START RECORDS SUPPLIED

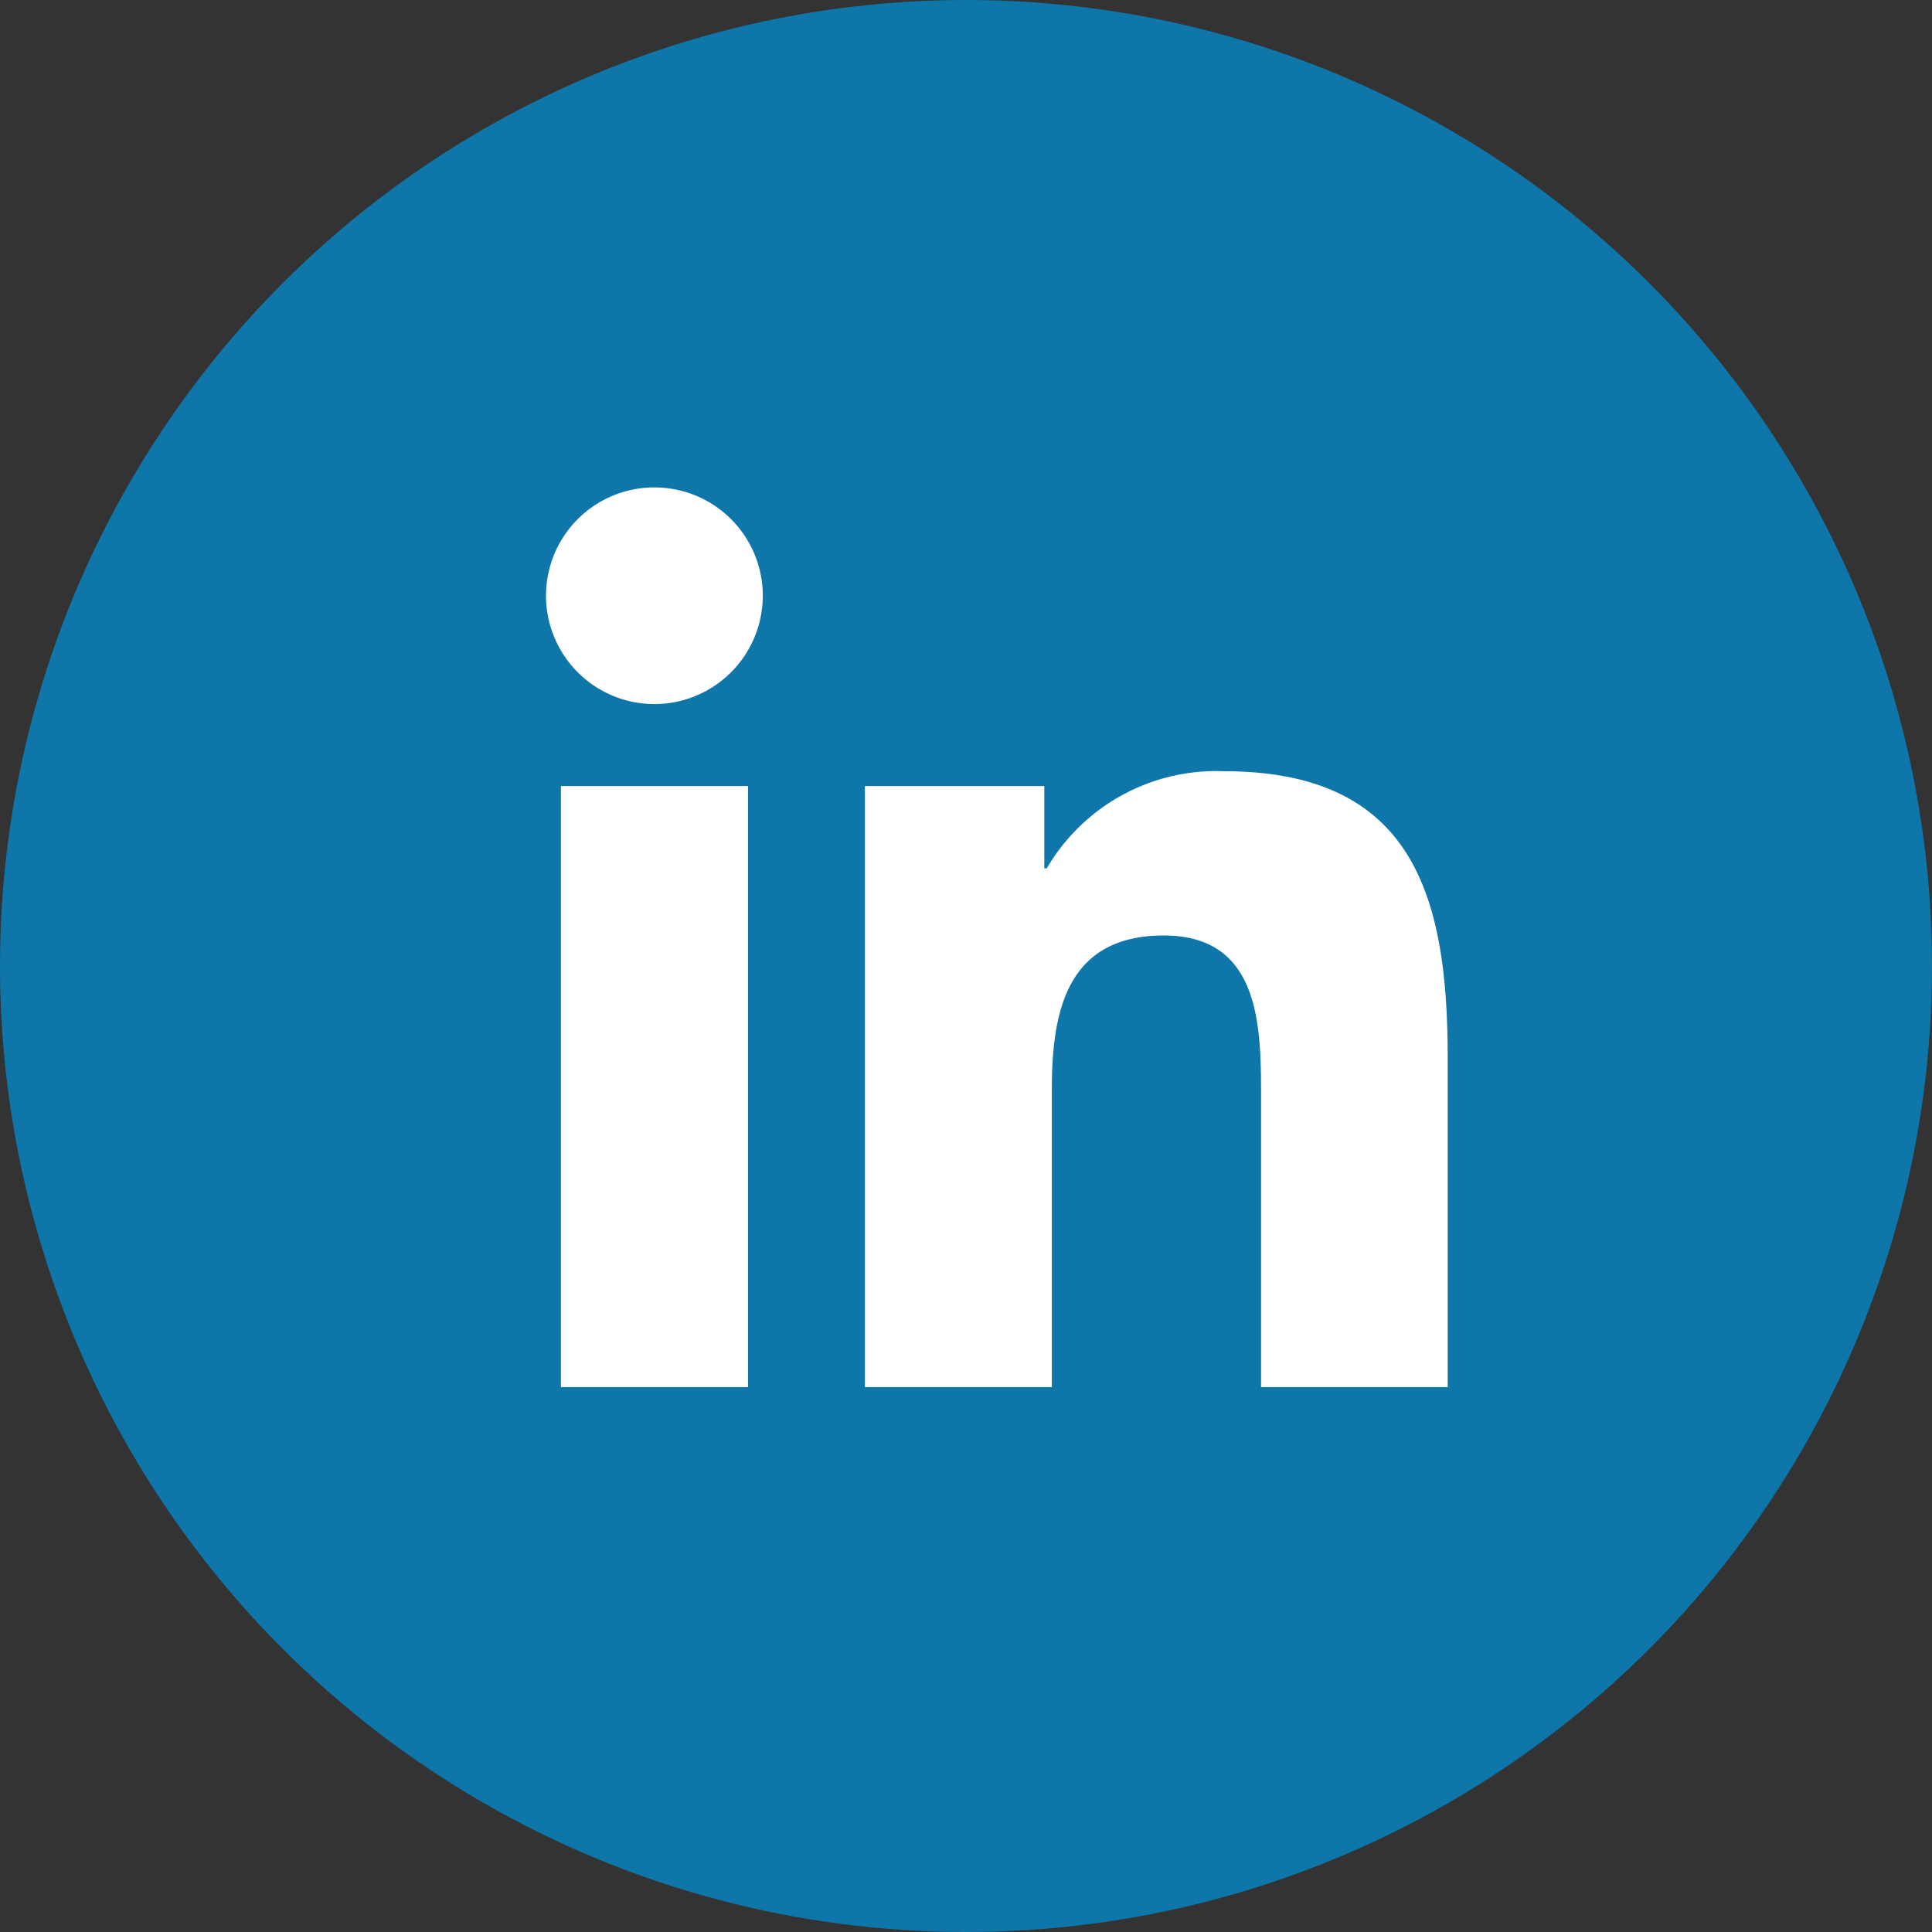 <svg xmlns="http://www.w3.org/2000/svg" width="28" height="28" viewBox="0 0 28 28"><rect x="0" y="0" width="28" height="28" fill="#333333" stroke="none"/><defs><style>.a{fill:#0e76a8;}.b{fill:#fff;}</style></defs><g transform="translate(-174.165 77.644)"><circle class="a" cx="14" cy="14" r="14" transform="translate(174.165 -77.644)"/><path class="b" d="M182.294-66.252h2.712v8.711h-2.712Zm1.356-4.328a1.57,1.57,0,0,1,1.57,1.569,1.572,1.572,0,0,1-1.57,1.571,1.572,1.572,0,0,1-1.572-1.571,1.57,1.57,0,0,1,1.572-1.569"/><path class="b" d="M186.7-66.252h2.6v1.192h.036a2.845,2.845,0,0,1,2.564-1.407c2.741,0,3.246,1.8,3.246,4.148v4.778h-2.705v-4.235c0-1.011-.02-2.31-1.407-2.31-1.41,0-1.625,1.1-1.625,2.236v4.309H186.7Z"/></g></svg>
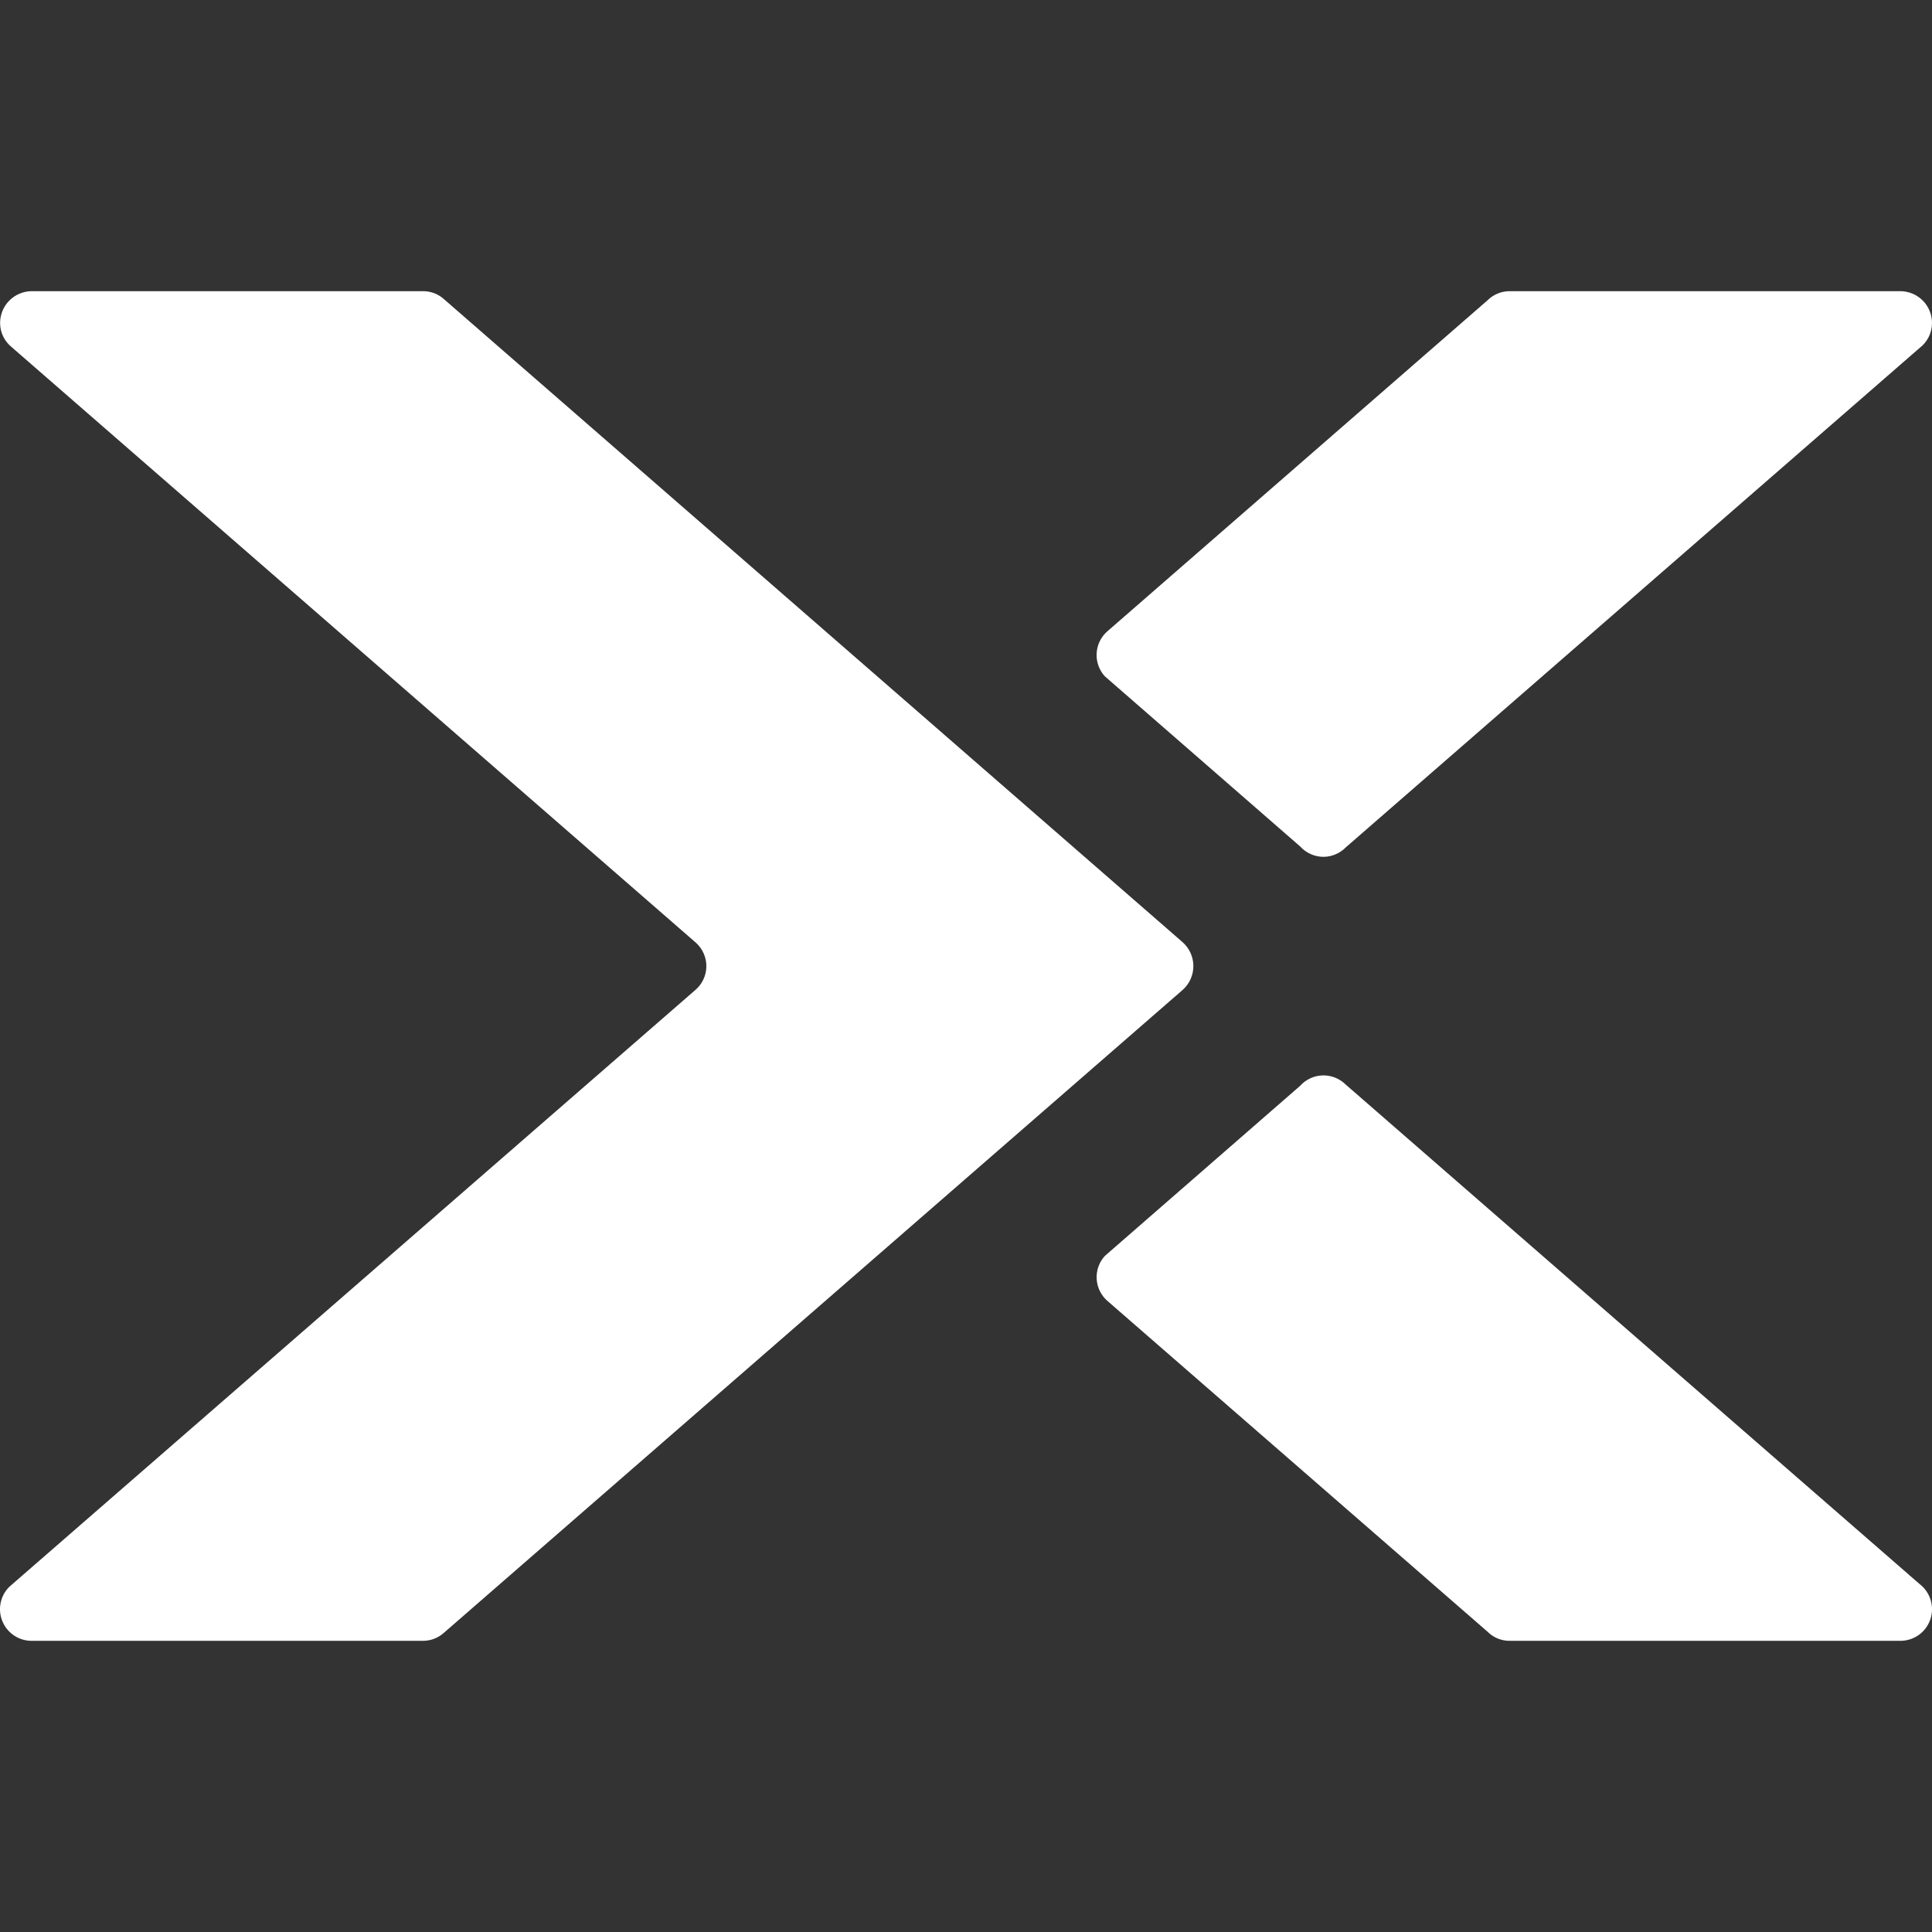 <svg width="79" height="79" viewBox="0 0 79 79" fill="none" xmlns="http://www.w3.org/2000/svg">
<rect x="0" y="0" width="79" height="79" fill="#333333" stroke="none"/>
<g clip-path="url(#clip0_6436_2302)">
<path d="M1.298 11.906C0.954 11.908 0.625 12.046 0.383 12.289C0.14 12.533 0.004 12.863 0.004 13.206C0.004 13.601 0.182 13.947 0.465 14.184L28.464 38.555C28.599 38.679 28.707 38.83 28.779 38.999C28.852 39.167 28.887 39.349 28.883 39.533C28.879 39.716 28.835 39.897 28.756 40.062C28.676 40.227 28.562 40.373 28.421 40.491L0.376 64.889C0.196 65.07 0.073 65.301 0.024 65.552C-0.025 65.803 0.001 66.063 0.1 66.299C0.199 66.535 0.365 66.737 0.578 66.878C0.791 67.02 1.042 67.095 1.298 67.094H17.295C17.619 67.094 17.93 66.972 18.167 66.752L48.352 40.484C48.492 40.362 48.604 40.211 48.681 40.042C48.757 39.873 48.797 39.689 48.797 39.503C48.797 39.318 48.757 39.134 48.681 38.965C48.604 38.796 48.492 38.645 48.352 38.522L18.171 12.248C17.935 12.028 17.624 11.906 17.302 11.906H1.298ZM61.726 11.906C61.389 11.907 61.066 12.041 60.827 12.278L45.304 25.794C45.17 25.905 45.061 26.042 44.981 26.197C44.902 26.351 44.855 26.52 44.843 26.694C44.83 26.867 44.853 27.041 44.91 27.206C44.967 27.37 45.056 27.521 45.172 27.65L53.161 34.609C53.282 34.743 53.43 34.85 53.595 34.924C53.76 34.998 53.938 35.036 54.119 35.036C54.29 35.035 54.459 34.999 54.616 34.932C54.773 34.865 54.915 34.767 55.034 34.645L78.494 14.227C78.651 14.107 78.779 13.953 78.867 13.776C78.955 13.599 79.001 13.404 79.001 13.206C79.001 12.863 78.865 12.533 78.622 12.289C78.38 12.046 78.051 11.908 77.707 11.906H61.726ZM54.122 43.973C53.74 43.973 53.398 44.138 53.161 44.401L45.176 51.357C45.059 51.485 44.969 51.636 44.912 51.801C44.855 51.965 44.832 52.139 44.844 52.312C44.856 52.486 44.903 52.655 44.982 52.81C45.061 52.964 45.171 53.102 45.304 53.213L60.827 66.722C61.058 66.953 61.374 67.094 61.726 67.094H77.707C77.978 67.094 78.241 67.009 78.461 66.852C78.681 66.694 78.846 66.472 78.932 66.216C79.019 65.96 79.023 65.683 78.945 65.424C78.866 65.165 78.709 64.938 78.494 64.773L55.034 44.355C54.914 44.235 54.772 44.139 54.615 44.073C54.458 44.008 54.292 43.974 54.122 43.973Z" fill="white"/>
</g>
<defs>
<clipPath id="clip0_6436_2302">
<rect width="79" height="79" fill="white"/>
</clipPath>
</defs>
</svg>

END RECORDS SUPPLIED

TASK TO CARRY OUT = Go through the records and report each line that contains "clipPath".

FINISHED EXERCISE =
<clipPath id="clip0_6436_2302">
</clipPath>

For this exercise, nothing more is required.